Governments around the world are increasingly seeking ways to meet the information needs of their stakeholders particularly in the era of Government 2.0 (Gov 2.0). This paper aims to explore issues posed by Gov 2.0 and Big Data in the provision of information as well as issues faced by Electronic Records Management (ERM) in the context of Gov 2.0. Through this process, this paper will enhance understanding of the link between Gov 2.0, Big Data, and ERM and pave the way for providing useable information to stakeholders.

The emergence of electronic government (e-Gov), especially Gov 2.0 has marked a significant step in the application of new information technologies (IT) in meeting the information needs of citizens by improving the performance capabilities to access public information (Appleby, 2012; Lee, 2013); increasing transparency and accountability (e.g. Foxworthy & Bingham, 2013); limiting corruption and bureaucracy, and saving administrative costs (Peña-López, 2008; Zhang & Zhang, 2009). However, studies reflect that Gov 2.0 has not brought benefits as promised (for example: Meijer, Koops, Pieterson, Overman, & Tije, 2012). The evidence of this is a range of information issues posed by Gov 2.0 such as information overload (Abbott, 2010; McNurlin, Sprague, & Bui, 2009); difficulty in capturing and ensuring authentic information (Jaeger, Bertot, & Shuler, 2010; Mintz, 2008); inadequately meeting information needs (Bertot, Jaeger, & Hansen, 2012); issues in long-term preservation and accessibility (Hoke, 2012; Mossberger, 2013); high risk in security and privacy (Dwivedi et al., 2011); and lack of automatic recordkeeping and archives on social media sites (Willson et al., 2011). These issues are directly related to the management and governance of important records that will affect the quality of information provided by government. These issues are further exacerbated by the use of Web 2.0 and social media technologies that require information to be made available on multiple platforms and allowing users to generate content through participation.

According to Bauhr and Grimes (2012), the provision of information is considered a key component of transparency of government. Transparency refers to government providing citizens with information about what government is doing (Obama, 2009).
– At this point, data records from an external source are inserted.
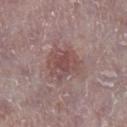Q: Was a biopsy performed?
A: total-body-photography surveillance lesion; no biopsy
Q: Lesion location?
A: the left lower leg
Q: How was the tile lit?
A: white-light illumination
Q: Who is the patient?
A: male, aged 73 to 77
Q: How was this image acquired?
A: ~15 mm tile from a whole-body skin photo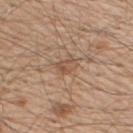workup: imaged on a skin check; not biopsied
acquisition: total-body-photography crop, ~15 mm field of view
subject: male, roughly 55 years of age
body site: the upper back
diameter: ≈2.5 mm
illumination: white-light
image-analysis metrics: a footprint of about 3.5 mm², an outline eccentricity of about 0.8 (0 = round, 1 = elongated), and a symmetry-axis asymmetry near 0.35; a within-lesion color-variation index near 4.5/10 and radial color variation of about 2; lesion-presence confidence of about 100/100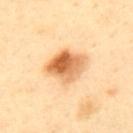anatomic site: the upper back; lighting: cross-polarized; subject: male, aged 38–42; image: 15 mm crop, total-body photography.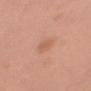<tbp_lesion>
  <biopsy_status>not biopsied; imaged during a skin examination</biopsy_status>
  <lighting>white-light</lighting>
  <image>
    <source>total-body photography crop</source>
    <field_of_view_mm>15</field_of_view_mm>
  </image>
  <lesion_size>
    <long_diameter_mm_approx>3.0</long_diameter_mm_approx>
  </lesion_size>
  <site>arm</site>
  <patient>
    <sex>female</sex>
    <age_approx>65</age_approx>
  </patient>
  <automated_metrics>
    <border_irregularity_0_10>2.5</border_irregularity_0_10>
    <color_variation_0_10>2.0</color_variation_0_10>
    <peripheral_color_asymmetry>1.0</peripheral_color_asymmetry>
  </automated_metrics>
</tbp_lesion>

While governments have spent significant amounts of money on the provision of information and services to demonstrate transparency and accountability, governments still have not fully addressed citizens’ demands of high quality information (National Audit Office, 2007).

Another area of research that has become popular in recent times is ‘Big Data’. Big Data is very large sets of data, from which it is difficult to extract useful information (Claasen, 2012). Due to the large size and complexity of the data it is difficult to process the data with traditional data base technology (Claasen, 2012). The issues related to Big Data are relevant for governments as well as for commercial organisations, particularly in capturing, mantaining, and documenting evidence of their activities. Meanwhile, ERM is considered a necessary responsibility of governments for implementation of evidence-recording tasks (Hui-Chen, Nunes, Zhou, & Peng, 2011) and it plays an important role in providing reliable and authentic information of activities (Lin, Ramaiah, & Wal, 2003). Therefore, exploring the relationship between Big Data and ERM can be necessary to government and organisations.